I do not believe that it was the intention of the Court of Appeals in the Englese case to overrule the line of authorities referred to above and to hold that coram nobis would lie to attack a conviction entered upon a plea of guilty, upon the ground that the indictment to which the defendant pleaded was insufficient in law or that the charge to which the defendant pleaded guilty was not covered by the indictment.

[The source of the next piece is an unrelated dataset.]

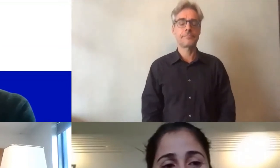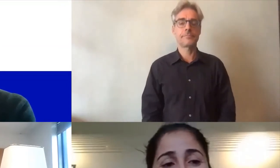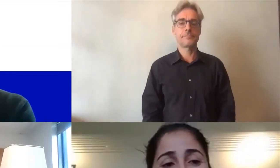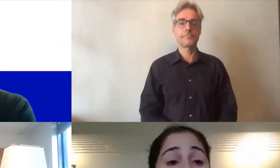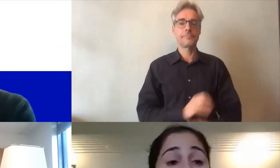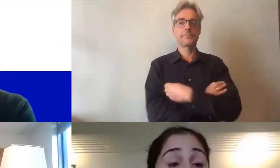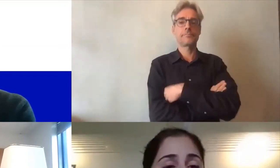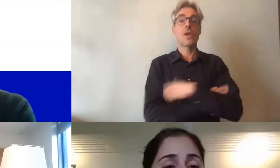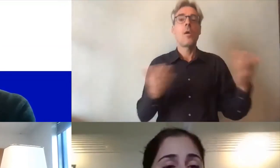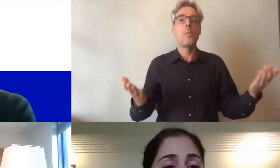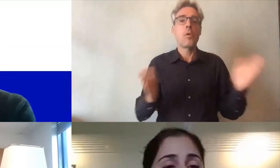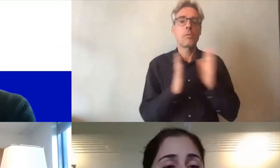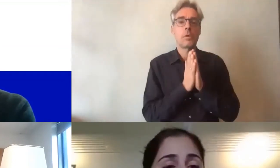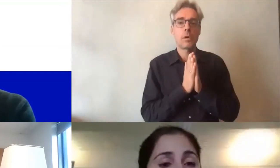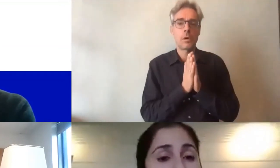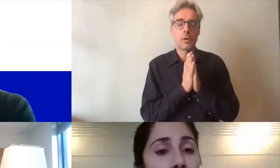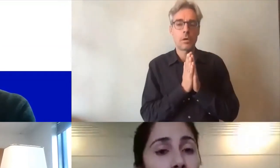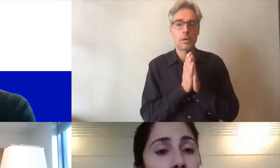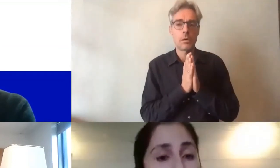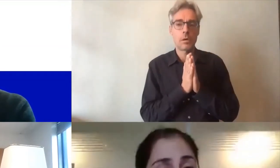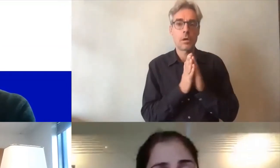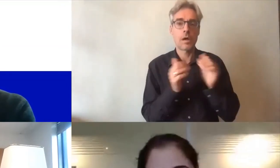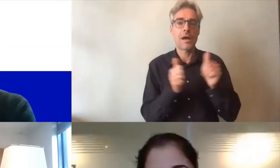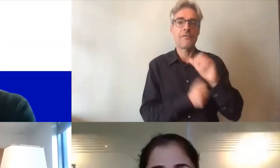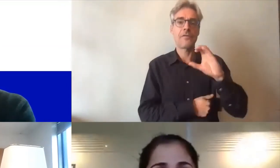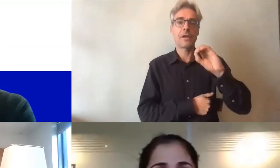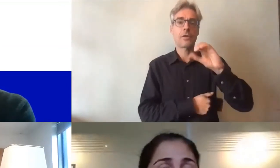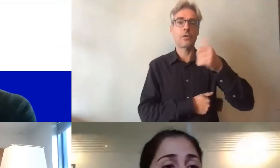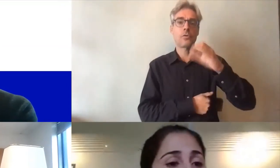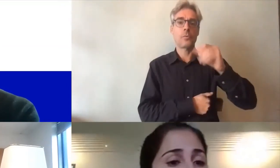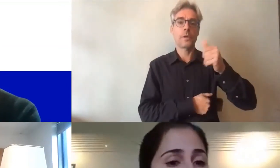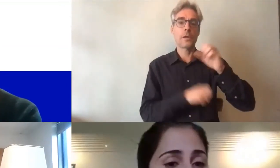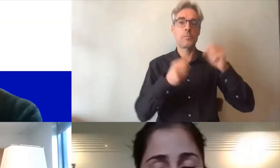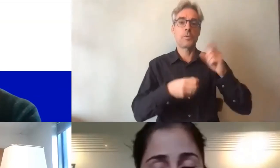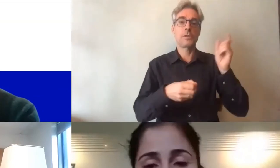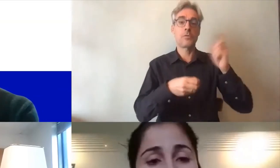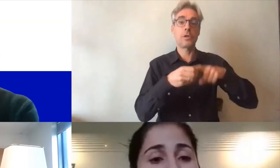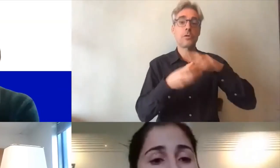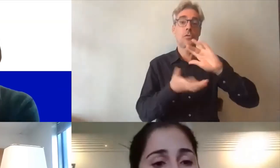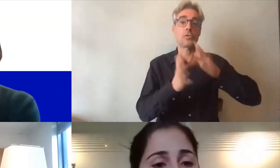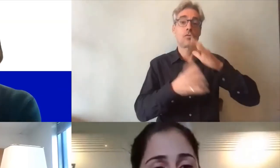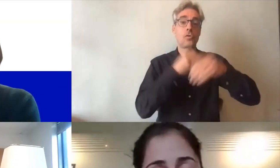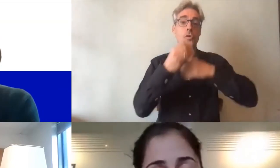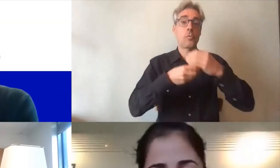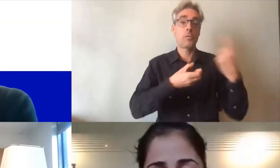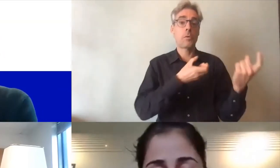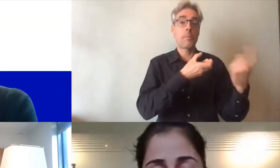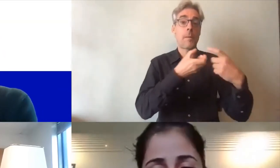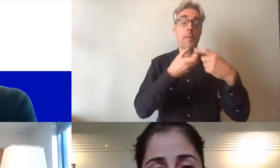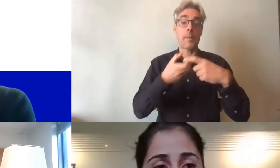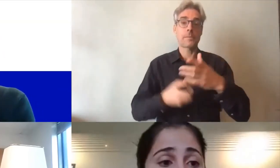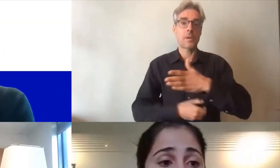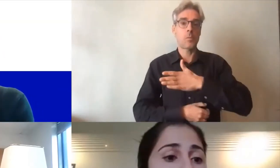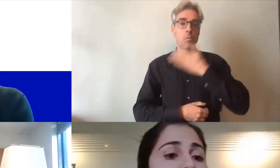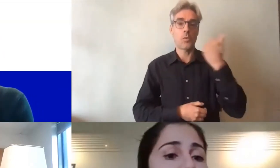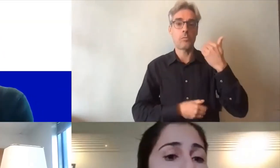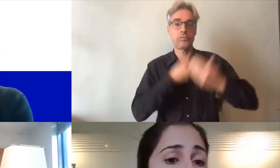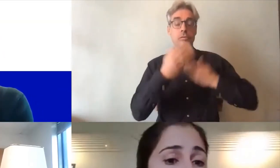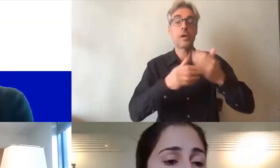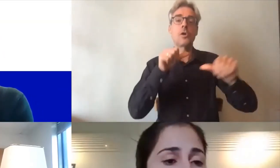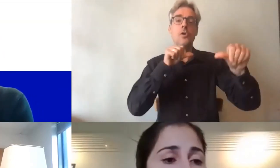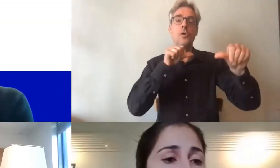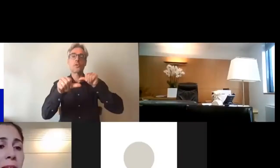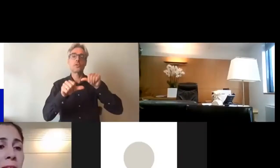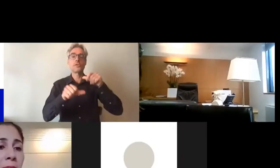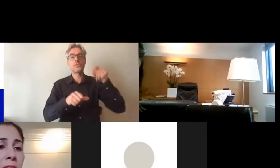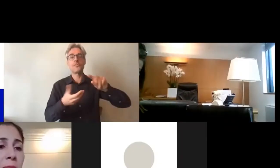Oui Grâce au digital on peut être effectivement connecté de partout donc c'est aussi une avancée mais il faut que le digital aussi

I do not believe that we can properly rest our decision in this case upon the distinction between long-form and short-form indictments. If the Englese case is construed as allowing the post-conviction remedy of coram nobis in a case of this type, the new rule so established would be equally applicable to a long-form indictment and to a short-form indictment plus a bill of particulars. Both ‘1 procedural due process” and the *138constitutional principles, governing indictments under the New York Constitution, laid .down in People v. Bogdanoff (254 N. Y. 16), require “ that the defendant be advised by the indictment and the bill of particulars of each essential * * *

element of the crime.” (People v. Berkowitz, 14 Misc 2d 384, 391, affd. 7 A D 2d 1031.) On the other hand, if the Englese case does not overrule the cases holding that coram nobis will not lie, the application for the writ of error coram nobis should be denied, whether the indictment to which the defendant had pleaded guilty, was in the long form or in the short form, I think that the latter alternative is the correct one.

Therefore I concur in the decision of the court holding that the motion for a writ of error coram nobis should have been denied by Special Term.

Williams, P. J., Bastow, Goldman and Henry, JJ., concur in Per Curiam opinion; Halpern, J., concurs in a separate opinion.

Order entered January 18, 1963, unanimously reversed and motion denied. Application for order in the nature .of prohibition denied, without costs.